The attention here was focused on the elements of the first row of the d block. As far as is known at present, scandium and titanium play no role in biological system. All other elements are essential to one form of life or another or, in some cases, to virtually all life forms. Cobalt, for example, is not required by plants, many fungi and some bacteria, but is vital for animals and many microorganisms. Iron, copper and manganese are widely used by many life forms but there are organisms such as bacteria and archaea that have developed strategies for thriving in, for example, iron-deficient environments using copper or manganese to perform the chemistry usually performed by iron.

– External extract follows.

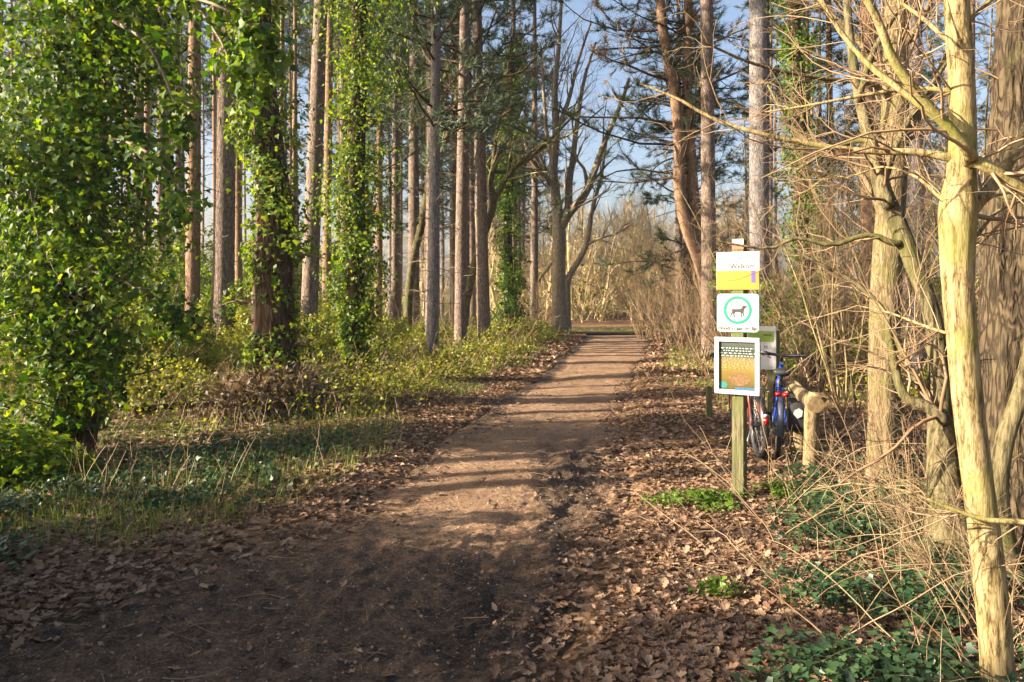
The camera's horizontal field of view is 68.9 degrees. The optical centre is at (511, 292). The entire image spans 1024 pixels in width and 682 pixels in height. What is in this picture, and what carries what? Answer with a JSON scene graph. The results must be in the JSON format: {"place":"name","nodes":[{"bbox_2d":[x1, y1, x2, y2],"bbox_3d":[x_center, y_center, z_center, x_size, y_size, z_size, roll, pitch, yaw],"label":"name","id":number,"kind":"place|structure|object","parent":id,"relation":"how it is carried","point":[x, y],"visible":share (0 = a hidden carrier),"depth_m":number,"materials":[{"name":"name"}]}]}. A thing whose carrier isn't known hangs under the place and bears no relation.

There are many metal-containing enzymes, or metalloenzymes, that require metal ions as cofactors. Among the examples discussed was manganese at the heart of Photosystem II, iron in the cytochromes, cobalt in the adenosylcobalamin-dependent enzymes, nickel in urease, copper in superoxide dismutase and zinc in alkaline phosphatase. The metal ions either participate directly in the catalytic process or bind the substrate or activate an entity such as coordinated OH⁻ to initiate a reaction.

We have seen the key role that iron and copper in particular play in electron transport chains, which are critical for cellular respiration and photosynthesis. The iron–sulphur clusters and cytochromes, and the blue copper proteins, play key roles in the transfer of electrons, facilitating energy production in cells. Iron porphyrins in haemoglobin and myoglobin are vital for the transport and storage of oxygen in animals.

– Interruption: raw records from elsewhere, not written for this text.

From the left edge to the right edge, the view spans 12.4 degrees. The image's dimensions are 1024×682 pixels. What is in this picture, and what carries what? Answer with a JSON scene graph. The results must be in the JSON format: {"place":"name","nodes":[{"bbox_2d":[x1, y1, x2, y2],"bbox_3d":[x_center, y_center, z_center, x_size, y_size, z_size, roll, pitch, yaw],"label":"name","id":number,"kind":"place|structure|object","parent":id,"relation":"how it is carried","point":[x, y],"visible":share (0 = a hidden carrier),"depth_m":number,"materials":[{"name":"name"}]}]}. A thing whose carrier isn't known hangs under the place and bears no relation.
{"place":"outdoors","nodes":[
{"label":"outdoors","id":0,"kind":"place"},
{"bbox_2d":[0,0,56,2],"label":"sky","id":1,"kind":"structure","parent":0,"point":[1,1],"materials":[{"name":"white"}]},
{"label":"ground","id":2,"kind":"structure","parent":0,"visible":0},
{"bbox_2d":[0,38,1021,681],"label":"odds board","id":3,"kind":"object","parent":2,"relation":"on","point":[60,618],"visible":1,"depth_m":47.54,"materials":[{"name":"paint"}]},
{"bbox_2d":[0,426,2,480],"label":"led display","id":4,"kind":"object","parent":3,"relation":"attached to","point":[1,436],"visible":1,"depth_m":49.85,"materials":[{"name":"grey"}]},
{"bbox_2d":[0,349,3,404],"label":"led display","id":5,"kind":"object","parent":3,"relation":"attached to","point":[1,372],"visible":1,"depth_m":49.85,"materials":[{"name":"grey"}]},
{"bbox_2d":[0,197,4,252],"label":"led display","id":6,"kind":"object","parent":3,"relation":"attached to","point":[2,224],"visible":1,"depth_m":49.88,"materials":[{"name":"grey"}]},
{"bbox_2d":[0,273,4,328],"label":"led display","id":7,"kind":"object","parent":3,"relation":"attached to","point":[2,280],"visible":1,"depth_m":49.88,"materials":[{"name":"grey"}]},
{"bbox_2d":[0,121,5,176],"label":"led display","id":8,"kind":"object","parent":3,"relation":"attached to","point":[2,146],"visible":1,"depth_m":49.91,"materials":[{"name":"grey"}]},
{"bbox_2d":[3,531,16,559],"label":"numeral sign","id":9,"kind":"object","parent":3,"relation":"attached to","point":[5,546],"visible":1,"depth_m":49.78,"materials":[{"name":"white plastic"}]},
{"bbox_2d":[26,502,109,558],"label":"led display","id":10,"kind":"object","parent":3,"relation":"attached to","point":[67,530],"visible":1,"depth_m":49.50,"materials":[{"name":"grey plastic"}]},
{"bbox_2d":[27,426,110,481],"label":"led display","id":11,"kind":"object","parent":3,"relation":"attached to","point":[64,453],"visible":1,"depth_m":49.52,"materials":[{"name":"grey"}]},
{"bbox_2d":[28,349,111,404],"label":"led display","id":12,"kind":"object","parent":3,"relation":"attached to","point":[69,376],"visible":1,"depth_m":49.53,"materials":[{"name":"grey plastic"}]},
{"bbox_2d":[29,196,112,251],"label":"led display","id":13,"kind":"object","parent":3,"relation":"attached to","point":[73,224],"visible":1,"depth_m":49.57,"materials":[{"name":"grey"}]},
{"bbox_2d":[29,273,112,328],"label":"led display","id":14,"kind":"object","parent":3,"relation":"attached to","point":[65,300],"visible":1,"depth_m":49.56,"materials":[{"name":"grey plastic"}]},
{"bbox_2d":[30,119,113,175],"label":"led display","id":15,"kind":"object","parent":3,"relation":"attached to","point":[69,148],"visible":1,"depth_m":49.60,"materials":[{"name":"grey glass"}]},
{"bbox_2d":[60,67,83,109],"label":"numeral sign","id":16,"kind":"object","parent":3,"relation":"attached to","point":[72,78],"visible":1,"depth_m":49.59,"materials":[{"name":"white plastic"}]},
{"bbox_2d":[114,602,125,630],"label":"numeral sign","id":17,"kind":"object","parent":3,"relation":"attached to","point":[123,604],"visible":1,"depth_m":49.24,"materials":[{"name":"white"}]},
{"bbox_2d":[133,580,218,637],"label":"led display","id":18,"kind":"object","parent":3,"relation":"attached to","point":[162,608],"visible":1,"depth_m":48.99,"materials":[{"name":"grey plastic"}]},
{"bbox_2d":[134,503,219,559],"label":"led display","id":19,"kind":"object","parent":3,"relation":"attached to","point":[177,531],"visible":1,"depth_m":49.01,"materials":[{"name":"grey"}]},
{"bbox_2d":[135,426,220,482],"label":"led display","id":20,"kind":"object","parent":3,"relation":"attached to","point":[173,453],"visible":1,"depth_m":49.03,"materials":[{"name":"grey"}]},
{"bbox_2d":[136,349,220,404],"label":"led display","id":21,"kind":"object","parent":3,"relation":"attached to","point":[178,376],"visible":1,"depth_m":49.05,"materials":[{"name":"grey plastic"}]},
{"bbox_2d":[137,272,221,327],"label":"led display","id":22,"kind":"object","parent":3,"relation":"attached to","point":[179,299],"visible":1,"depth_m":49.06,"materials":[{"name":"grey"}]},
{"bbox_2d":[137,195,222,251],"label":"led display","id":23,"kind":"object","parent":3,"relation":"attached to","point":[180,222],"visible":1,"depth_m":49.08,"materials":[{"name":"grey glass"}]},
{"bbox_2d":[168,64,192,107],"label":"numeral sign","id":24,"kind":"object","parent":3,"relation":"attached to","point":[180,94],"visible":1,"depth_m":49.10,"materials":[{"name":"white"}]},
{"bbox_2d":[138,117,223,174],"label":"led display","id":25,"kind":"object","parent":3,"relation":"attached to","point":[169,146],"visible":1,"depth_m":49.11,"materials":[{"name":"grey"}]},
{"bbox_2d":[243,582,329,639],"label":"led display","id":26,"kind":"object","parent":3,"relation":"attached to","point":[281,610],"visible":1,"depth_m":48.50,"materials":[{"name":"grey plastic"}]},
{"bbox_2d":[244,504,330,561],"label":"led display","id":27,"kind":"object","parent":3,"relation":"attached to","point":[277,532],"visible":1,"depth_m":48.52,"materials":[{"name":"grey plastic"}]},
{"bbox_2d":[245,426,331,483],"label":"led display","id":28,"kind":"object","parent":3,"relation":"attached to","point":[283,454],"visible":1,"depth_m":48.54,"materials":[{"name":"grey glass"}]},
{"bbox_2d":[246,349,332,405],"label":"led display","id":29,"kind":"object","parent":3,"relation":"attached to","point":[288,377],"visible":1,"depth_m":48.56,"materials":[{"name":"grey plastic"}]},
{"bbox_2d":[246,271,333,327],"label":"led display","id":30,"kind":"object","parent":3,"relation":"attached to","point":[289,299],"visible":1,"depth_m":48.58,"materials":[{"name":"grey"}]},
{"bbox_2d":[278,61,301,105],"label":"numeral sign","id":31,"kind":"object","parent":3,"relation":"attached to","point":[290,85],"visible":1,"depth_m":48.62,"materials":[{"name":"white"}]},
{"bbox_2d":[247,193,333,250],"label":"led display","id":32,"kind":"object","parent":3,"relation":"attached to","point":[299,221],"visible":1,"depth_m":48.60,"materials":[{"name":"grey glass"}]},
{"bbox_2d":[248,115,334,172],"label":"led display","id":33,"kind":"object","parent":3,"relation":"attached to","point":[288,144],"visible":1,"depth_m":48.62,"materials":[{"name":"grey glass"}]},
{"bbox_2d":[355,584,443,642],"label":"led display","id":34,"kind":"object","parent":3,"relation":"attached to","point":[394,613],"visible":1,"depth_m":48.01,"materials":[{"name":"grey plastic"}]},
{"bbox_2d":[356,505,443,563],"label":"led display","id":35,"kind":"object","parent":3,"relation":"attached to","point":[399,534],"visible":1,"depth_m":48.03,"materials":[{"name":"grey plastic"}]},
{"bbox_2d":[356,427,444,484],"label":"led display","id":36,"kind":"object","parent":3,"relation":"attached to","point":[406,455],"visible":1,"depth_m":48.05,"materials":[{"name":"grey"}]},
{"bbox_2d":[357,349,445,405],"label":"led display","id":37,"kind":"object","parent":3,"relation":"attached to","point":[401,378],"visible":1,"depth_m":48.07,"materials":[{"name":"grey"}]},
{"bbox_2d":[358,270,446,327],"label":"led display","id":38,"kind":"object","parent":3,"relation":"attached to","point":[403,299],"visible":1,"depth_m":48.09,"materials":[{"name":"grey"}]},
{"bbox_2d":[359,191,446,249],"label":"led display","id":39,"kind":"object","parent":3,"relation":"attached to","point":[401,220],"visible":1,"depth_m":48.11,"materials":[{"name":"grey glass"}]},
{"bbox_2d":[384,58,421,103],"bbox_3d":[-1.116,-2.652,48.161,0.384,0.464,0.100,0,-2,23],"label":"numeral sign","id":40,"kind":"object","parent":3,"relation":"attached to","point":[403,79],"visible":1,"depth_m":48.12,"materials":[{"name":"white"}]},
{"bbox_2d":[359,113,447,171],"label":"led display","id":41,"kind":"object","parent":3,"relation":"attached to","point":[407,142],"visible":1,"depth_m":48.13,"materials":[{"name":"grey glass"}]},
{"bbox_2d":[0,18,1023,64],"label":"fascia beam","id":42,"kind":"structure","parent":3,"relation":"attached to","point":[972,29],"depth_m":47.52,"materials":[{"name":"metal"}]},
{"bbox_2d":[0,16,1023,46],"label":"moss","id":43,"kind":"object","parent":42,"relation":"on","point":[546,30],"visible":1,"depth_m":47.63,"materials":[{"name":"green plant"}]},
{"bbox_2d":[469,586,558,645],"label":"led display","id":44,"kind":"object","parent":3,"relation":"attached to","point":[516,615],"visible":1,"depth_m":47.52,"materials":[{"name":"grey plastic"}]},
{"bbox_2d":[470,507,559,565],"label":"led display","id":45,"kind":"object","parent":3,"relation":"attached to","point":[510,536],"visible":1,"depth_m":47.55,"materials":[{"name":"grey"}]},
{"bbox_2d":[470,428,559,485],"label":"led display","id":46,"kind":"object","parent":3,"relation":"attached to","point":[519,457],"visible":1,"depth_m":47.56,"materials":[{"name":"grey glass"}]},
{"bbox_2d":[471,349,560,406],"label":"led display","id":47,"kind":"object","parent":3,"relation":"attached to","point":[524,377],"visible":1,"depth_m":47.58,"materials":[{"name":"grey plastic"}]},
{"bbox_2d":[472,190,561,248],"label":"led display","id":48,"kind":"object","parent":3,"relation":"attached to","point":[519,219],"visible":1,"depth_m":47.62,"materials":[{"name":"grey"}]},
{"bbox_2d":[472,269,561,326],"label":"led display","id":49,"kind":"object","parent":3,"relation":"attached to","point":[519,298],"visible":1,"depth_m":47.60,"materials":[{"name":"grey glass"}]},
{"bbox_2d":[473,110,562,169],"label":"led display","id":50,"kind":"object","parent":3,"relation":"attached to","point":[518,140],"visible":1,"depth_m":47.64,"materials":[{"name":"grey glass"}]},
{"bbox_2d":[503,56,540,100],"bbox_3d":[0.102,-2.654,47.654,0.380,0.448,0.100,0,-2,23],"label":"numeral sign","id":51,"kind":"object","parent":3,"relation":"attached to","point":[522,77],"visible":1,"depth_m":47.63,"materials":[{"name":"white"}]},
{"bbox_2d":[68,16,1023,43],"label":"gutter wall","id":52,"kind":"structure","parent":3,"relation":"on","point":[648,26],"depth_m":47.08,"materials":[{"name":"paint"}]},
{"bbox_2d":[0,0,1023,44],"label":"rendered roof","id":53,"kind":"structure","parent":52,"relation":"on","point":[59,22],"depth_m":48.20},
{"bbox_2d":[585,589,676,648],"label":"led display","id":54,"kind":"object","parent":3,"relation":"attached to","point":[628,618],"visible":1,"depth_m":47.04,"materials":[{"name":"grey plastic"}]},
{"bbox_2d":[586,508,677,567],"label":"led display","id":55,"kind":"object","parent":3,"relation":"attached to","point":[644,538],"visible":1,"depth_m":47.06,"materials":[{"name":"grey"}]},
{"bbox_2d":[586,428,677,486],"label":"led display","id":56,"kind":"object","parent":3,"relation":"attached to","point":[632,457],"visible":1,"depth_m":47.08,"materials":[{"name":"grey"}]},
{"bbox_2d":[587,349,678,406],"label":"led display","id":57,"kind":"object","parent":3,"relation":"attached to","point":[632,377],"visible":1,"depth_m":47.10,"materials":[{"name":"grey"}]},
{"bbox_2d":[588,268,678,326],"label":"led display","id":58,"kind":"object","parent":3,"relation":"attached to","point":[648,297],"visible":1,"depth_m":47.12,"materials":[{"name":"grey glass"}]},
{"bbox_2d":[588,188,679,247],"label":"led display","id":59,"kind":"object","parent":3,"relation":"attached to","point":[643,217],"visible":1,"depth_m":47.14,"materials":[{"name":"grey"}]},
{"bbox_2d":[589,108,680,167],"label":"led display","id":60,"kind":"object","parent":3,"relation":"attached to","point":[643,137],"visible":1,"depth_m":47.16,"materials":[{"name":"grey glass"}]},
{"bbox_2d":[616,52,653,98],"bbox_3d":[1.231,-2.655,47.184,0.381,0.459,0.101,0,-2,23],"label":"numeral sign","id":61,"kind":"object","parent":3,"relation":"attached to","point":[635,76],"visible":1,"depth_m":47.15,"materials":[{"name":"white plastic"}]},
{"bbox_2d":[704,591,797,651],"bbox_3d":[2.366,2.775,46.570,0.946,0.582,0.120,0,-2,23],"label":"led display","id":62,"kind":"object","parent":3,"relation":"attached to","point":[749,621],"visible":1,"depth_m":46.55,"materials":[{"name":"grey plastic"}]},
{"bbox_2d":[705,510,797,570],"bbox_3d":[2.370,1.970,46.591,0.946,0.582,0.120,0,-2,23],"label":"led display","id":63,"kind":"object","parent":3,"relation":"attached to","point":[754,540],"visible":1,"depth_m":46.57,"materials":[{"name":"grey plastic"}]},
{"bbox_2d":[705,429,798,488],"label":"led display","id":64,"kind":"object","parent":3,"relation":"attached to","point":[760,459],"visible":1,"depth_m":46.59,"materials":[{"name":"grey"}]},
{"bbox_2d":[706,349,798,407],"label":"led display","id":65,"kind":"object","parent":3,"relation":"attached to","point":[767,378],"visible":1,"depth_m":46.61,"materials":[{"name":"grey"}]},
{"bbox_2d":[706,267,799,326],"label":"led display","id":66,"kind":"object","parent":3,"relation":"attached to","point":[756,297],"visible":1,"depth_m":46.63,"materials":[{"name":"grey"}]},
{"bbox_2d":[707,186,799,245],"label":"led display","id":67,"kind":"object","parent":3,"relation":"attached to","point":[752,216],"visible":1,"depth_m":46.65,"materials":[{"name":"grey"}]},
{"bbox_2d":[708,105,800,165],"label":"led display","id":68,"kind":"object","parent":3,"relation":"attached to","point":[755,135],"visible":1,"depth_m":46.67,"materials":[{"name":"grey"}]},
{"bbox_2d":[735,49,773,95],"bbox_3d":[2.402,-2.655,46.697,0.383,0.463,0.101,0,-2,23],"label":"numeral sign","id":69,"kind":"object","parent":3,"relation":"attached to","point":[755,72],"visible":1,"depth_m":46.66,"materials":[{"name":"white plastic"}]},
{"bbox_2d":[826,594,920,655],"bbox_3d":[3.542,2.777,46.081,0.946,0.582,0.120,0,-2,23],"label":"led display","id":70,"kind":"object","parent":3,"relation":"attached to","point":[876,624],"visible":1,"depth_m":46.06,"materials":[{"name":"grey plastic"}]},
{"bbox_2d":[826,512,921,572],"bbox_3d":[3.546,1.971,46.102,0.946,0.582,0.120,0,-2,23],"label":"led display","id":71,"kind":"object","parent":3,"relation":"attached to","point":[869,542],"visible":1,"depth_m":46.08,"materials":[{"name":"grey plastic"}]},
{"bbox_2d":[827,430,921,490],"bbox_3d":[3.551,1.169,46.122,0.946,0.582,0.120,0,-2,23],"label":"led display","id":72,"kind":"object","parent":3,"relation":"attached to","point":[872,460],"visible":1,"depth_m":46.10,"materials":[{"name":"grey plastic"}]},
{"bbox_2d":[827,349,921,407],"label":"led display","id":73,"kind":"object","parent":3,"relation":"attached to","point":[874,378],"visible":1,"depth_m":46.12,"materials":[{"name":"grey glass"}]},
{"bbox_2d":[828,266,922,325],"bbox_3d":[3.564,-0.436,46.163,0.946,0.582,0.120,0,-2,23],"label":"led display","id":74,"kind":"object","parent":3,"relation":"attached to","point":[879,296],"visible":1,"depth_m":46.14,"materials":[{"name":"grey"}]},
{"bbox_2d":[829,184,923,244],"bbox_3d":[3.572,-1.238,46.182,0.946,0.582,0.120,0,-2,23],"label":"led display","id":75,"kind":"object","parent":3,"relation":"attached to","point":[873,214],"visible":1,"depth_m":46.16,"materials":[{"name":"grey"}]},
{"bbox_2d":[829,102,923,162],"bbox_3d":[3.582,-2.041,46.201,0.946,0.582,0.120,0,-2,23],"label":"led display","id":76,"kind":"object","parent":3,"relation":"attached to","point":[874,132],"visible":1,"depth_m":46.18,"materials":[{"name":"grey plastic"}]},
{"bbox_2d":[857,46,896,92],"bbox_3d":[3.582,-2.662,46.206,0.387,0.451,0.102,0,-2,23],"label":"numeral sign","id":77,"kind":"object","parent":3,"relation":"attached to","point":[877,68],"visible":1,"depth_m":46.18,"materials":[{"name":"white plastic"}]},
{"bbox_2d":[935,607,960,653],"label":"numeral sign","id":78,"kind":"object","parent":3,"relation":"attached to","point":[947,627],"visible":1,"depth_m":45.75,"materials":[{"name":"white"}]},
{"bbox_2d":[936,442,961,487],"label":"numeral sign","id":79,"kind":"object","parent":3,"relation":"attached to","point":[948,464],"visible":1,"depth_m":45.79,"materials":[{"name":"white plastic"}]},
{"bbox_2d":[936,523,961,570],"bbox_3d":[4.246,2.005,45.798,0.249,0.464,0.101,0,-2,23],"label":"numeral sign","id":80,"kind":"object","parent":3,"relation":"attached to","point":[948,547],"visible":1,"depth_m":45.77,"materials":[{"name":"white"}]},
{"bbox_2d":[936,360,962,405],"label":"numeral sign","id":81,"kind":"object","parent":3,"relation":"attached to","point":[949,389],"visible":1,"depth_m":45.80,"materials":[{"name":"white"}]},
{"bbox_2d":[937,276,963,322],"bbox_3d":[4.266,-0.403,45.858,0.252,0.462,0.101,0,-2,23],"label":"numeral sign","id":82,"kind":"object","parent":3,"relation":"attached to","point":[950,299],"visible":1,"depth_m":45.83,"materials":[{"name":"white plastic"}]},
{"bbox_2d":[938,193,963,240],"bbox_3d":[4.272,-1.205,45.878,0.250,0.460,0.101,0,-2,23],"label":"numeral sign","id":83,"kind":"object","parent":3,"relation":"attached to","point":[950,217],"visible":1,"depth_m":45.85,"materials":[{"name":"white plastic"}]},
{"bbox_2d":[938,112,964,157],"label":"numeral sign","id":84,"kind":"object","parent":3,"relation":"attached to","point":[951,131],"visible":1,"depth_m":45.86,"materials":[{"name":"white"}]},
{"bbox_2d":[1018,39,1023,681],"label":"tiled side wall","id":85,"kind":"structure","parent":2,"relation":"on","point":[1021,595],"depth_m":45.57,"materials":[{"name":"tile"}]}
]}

Metal ions may be necessary to stabilise the structure of biomolecules. Zinc fingers, for example are important for protein folding, and they perform many other functions that we have not looked at, including the binding of zinc finger proteins to specific DNA sequences, regulating gene expression [1120,1121] and the regulation of apoptosis [1122,1123].

Bioinorganic chemistry is a very large and interdisciplinary field that explores the role played by metal ions in biological systems, spanning biology and inorganic chemistry. This short overview will hopefully have provided you with a glimpse into some aspects of the discipline: the biological inorganic chemistry of the metals of the first row of the d block—and it will hopefully provide a stimulus for further exploration.

Much has been learned since the pioneering work in the 1960s and 1970s of researchers such as R. J. P. Williams, Harry B. Gray, Richard H. Holm, and Robert H. Crabtree. Insights have been provided into important biological processes involving metal ions, and the discipline has provided the knowledge that has contributed to the development of metal-based drugs and imaging techniques. The development of techniques such as X-ray diffraction crystallography, cryo-electron microscopy, NMR, EPR, and Mössbauer spectroscopy, and, more recently, computational chemistry methods such as density functional theory, have contributed greatly to advances in the field.

But undoubtedly much has still to be learned. The mechanism of many enzymes, such as nitrogenase (involved in nitrogen fixation) and hydrogenase (involved in hydrogen metabolism), remain elusive. Moreover, the rapidly growing area of bioinspired catalysis holds promise for transformative industrial applications.

The future of bioinorganic chemistry lies in the hands of the next generation of researchers and their students who will undoubtedly lead the discipline to new heights in the years ahead.